Arts Blog

HR Advisors: Winter 2021 Tips


With the new year and change in administration, we asked the team at HR Advisors to highlight key areas for compliance and possible modifications we may see in 2021. Changes to the Families First Coronavirus Response Act (FFCRA), classification for gig workers, among other changes, may impact your work or your organization.

HR Advisors is a member-benefit available through the Greater Pittsburgh Arts Council.

Protection from Discrimination

What did the Supreme Court rule?

The Supreme Court ruled in Bostock v. Clayton County (June 15, 2020) that Title VII protects workers from discrimination on the basis of sexual orientation and gender identity. The ruling left open the issue of whether the Religious Freedom Restoration Act (RFRA) could replace Title VII’s commands. (e.g., Does someone’s religious beliefs allow them to discriminate on the basis of sexual orientation and gender identity?)

What does this mean for employers?

With this ruling, now is the perfect time to review employment-related documents (e.g., manuals, applications, policies) to be sure they include language for sexual orientation, gender identity, and gender-neutral language. These edits, along with incorporation of some new policies within your employee manual, help to better create and communicate an inclusive, accepting, and equitable workplace that welcomes diversity.

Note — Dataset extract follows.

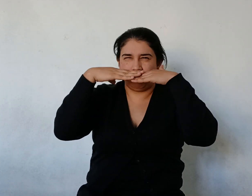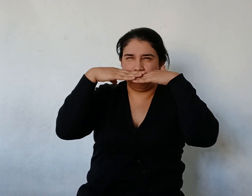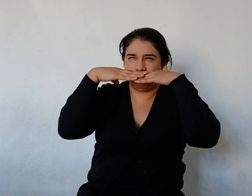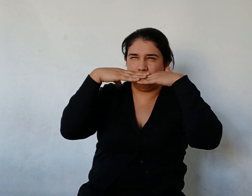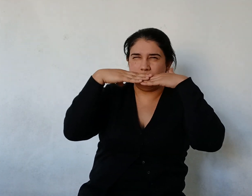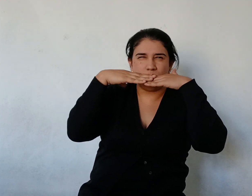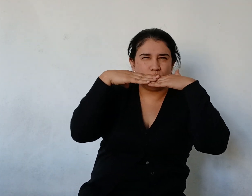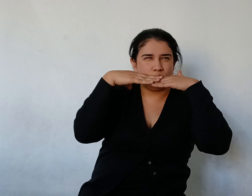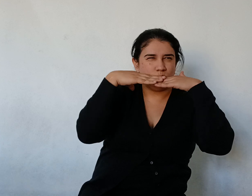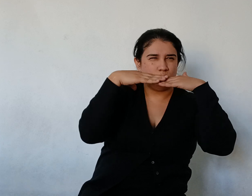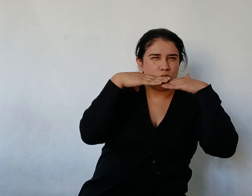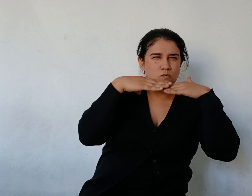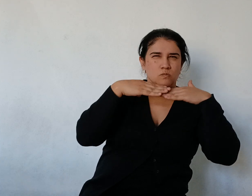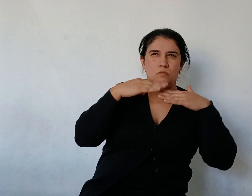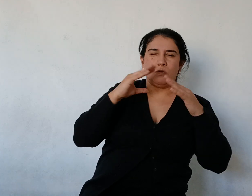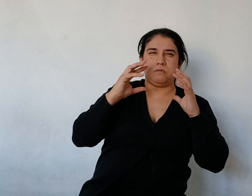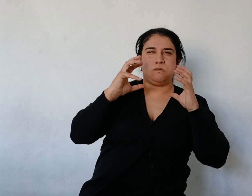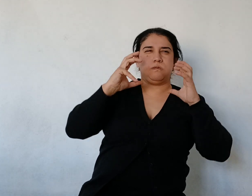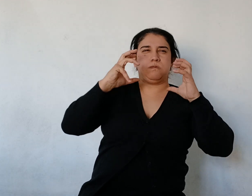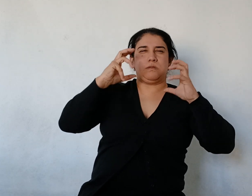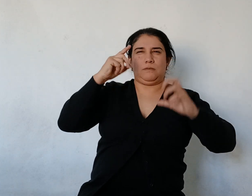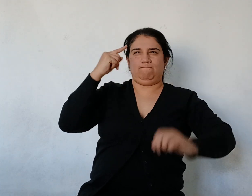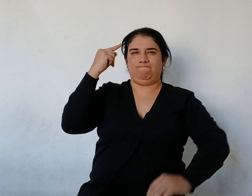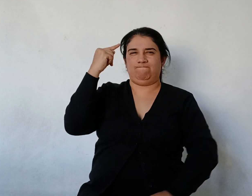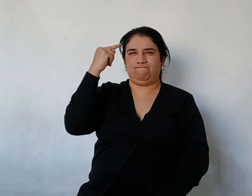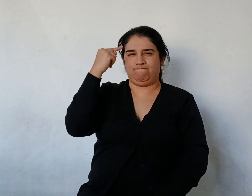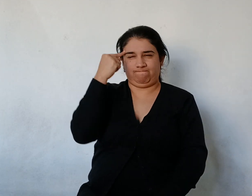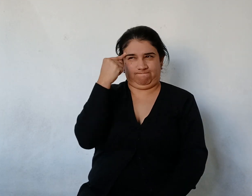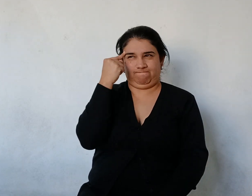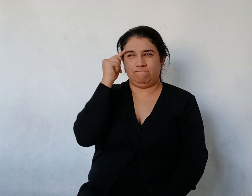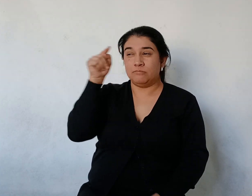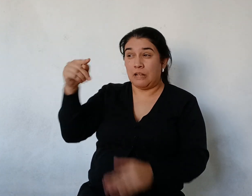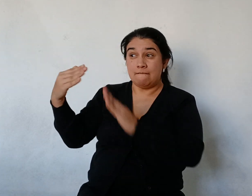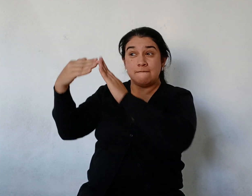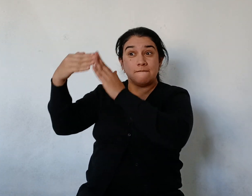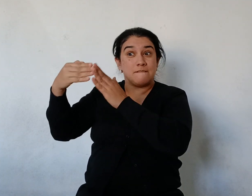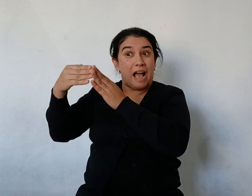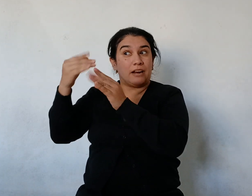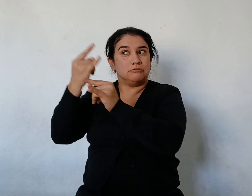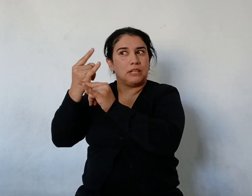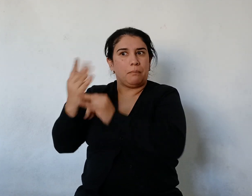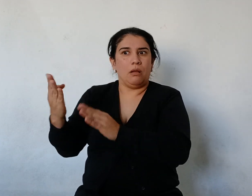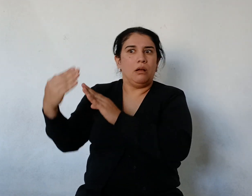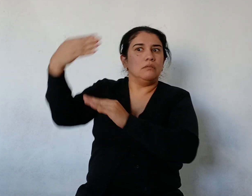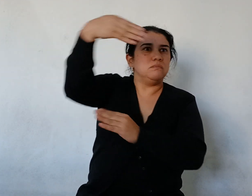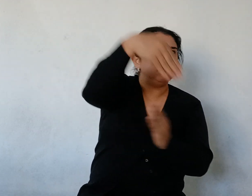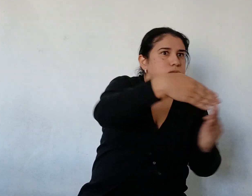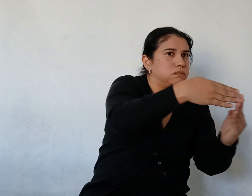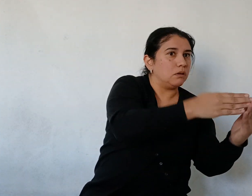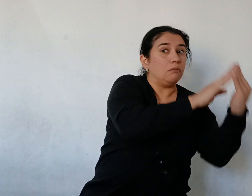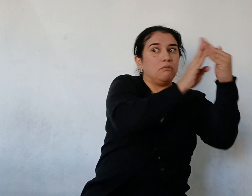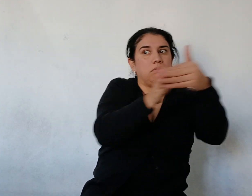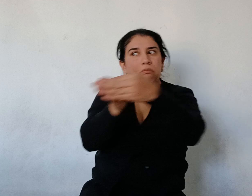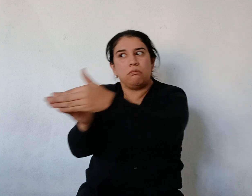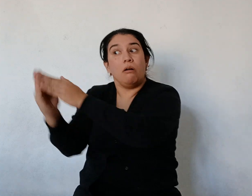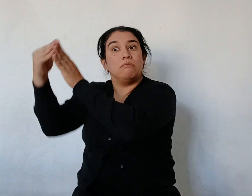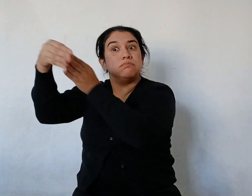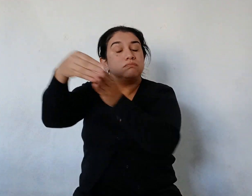va a pasar siempre Y los peces No volverán Y estaban tristes

Training on harassment and discrimination prevention along with other DEAI initiatives is also encouraged.

Pittsburgh Glass Center, 2020
Pittsburgh Glass Center, 2020

Classification for Gig Workers

Who is an independent contractor or gig worker?

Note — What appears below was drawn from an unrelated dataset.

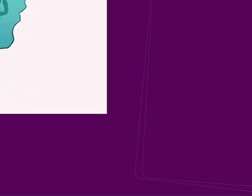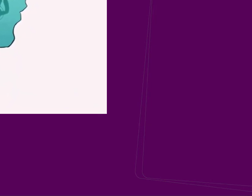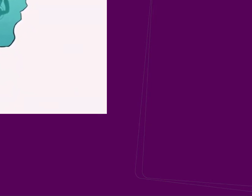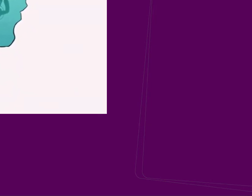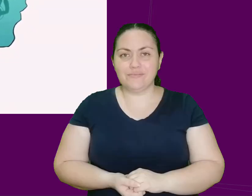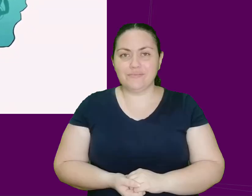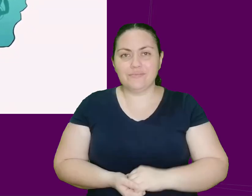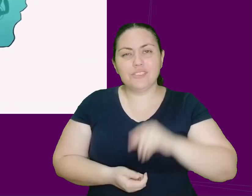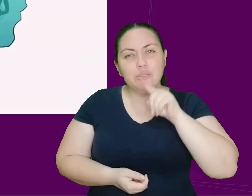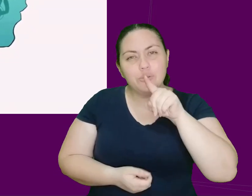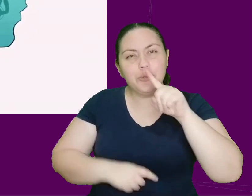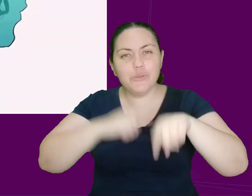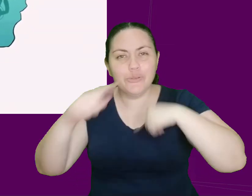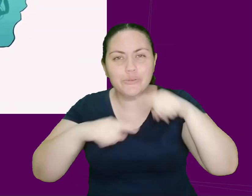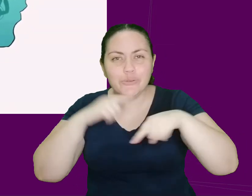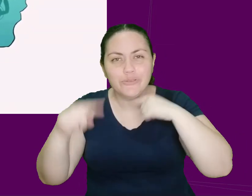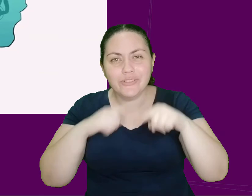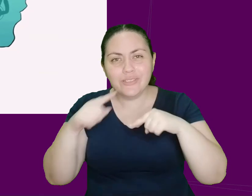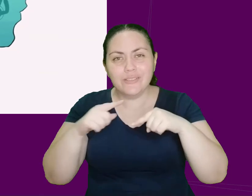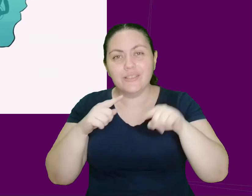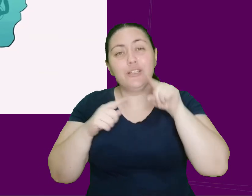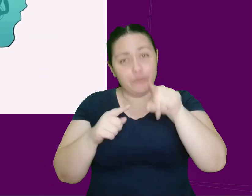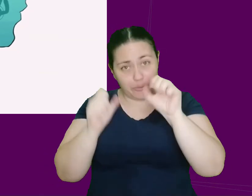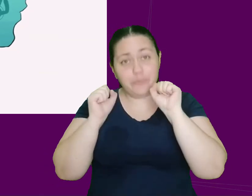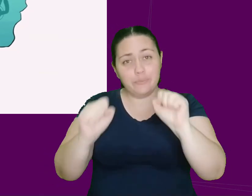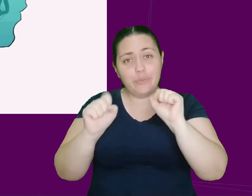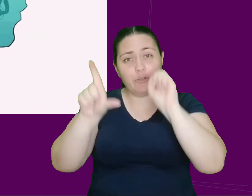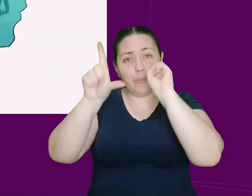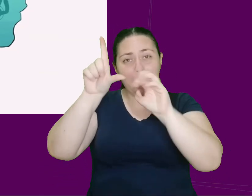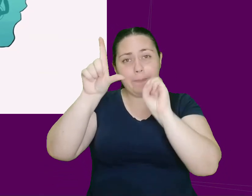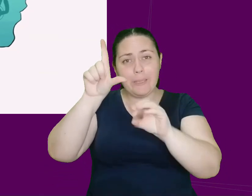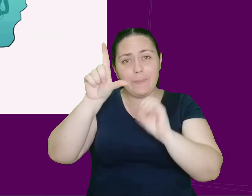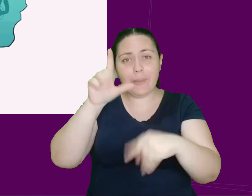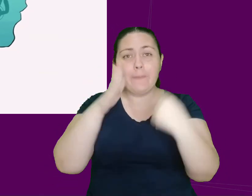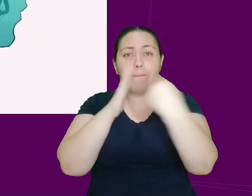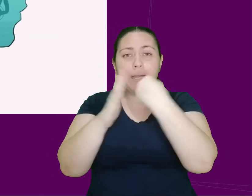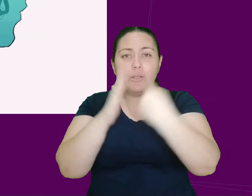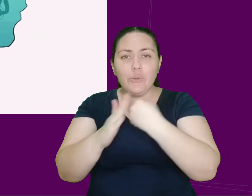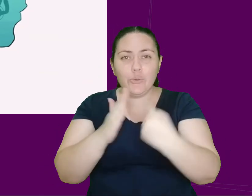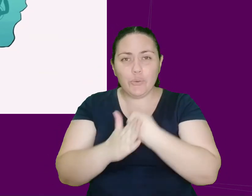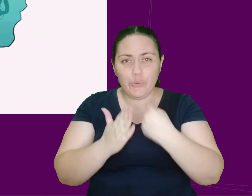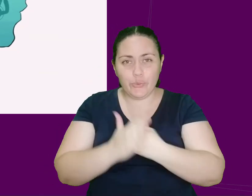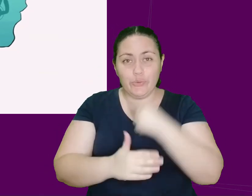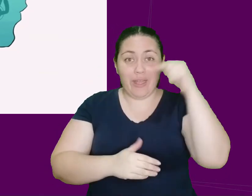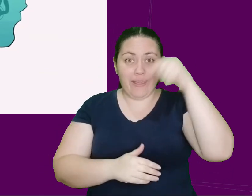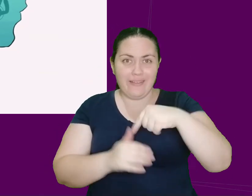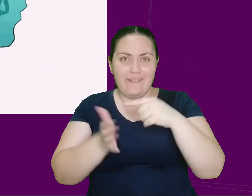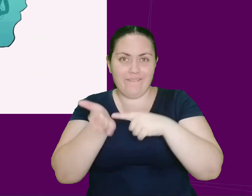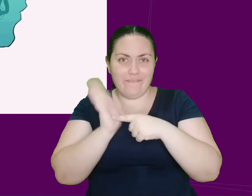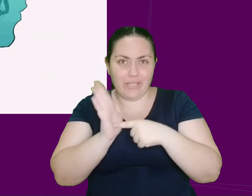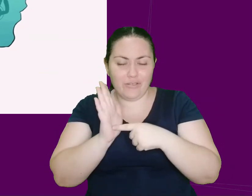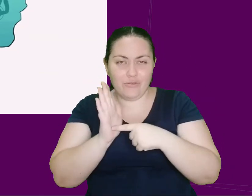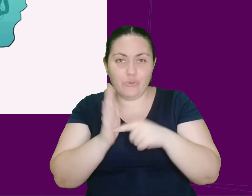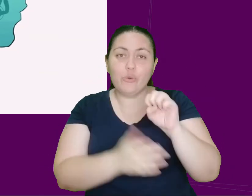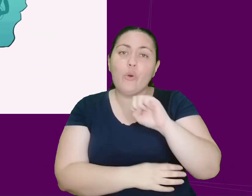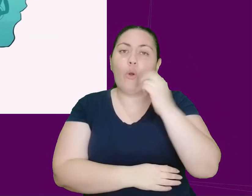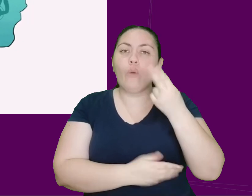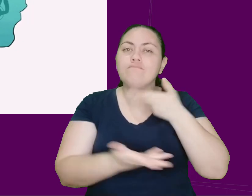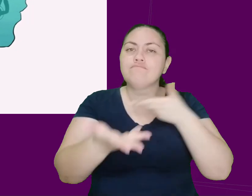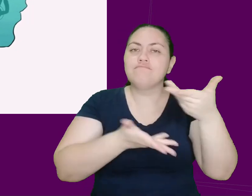Ficou com alguma dúvida? Você pode deixar suas perguntas aqui nos comentários deste vídeo ou interagir

Have you had to pause and think, “How do I classify this worker? Are they an employee or a contractor?” The U.S. Department of Labor moved to clear up that issue with a new rule clarifying the difference between an independent contractor (what we often call a “gig” worker) and an employee.

What does this mean for employers?

Although the general guidance for employee vs. independent contractor classification has not significantly changed, under the new rule, the difference now depends primarily on two core factors that make up an “economic reality” test:

  1. The nature and degree of control over the work
  2. The worker’s opportunity for profit or loss based on initiative or investment

Imagine hiring someone to paint your studio or theater lobby. An independent contractor would use their own equipment, make their own hours, and take on the burden of any profits lost if the job does not go well. On the contrary, an employee, would use specific equipment purchased by you, show up to work on specific times and days determined by you, and be paid for all hours worked.

The “economic reality” is the employee carries no burden related to this task and will be paid for coming to work, regardless of how long the job takes or the cost of materials. On the other hand, the independent contractor gets paid once the job is complete and to the customer’s satisfaction. If it takes longer, or involves more supplies, that “economic reality” and profit reduction is the burden of the contractor.

Why is this important to employers?

Determining how to classify someone – as an employer or a contractor – is an area carefully evaluated by the Department of Labor. Proper classification assures that all legal requirements are maintained so that there is no discrimination in terms of benefit eligibility and payment compensation in accordance with federal and state laws. With a new administration, it is possible there will be a pause to this new rule to examine the language and make further changes.

Changes to the Families First Coronavirus Response Act (FFCRA)

The Families First Coronavirus Response Act (FFCRA) provided federally mandated paid leave through December 31, 2020. While this program was not extended, employers may now elect to voluntarily provide this paid time off and receive tax credits for eligible situations through March 31, 2021.

When tackling FFCRA in 2021, keep in mind two principles:

  1. FFCRA provides for a maximum of 2 weeks/80 hours of emergency paid sick leave (EPSL) and a maximum of 12 weeks of emergency paid FMLA (EFML). Additional leave time is not available.
  2. As of Jan. 1, 2021, FFCRA is optional, voluntary, and at the discretion of the employer. It is no longer are enforceable as a federally protected program.

Q. Does an employee receive a new bank of EPSL or EFML in 2021?

A. Refer to principle #1 above. There is no new bank of time as of January 1, 2021. Eligible employees received a maximum allotment of time and earned nothing more when the calendar turned to 2021.

Q. May an employer voluntarily offer EPSL, but not EFML, or vice versa?

A. Arguably, yes. FFCRA contained two different components: EFML and EPSL. These still remain two separate sections; therefore, an employer has the discretion of providing only EPSL and not EFML, or visa verse, through March 31, 2021.

Q. Can an employer tweak any of the provisions under FFCRA and still obtain the tax credit?

A. Unfortunately, no. If employers choose to tweak the conditions of FFCRA leave, then they will not qualify for the tax credit.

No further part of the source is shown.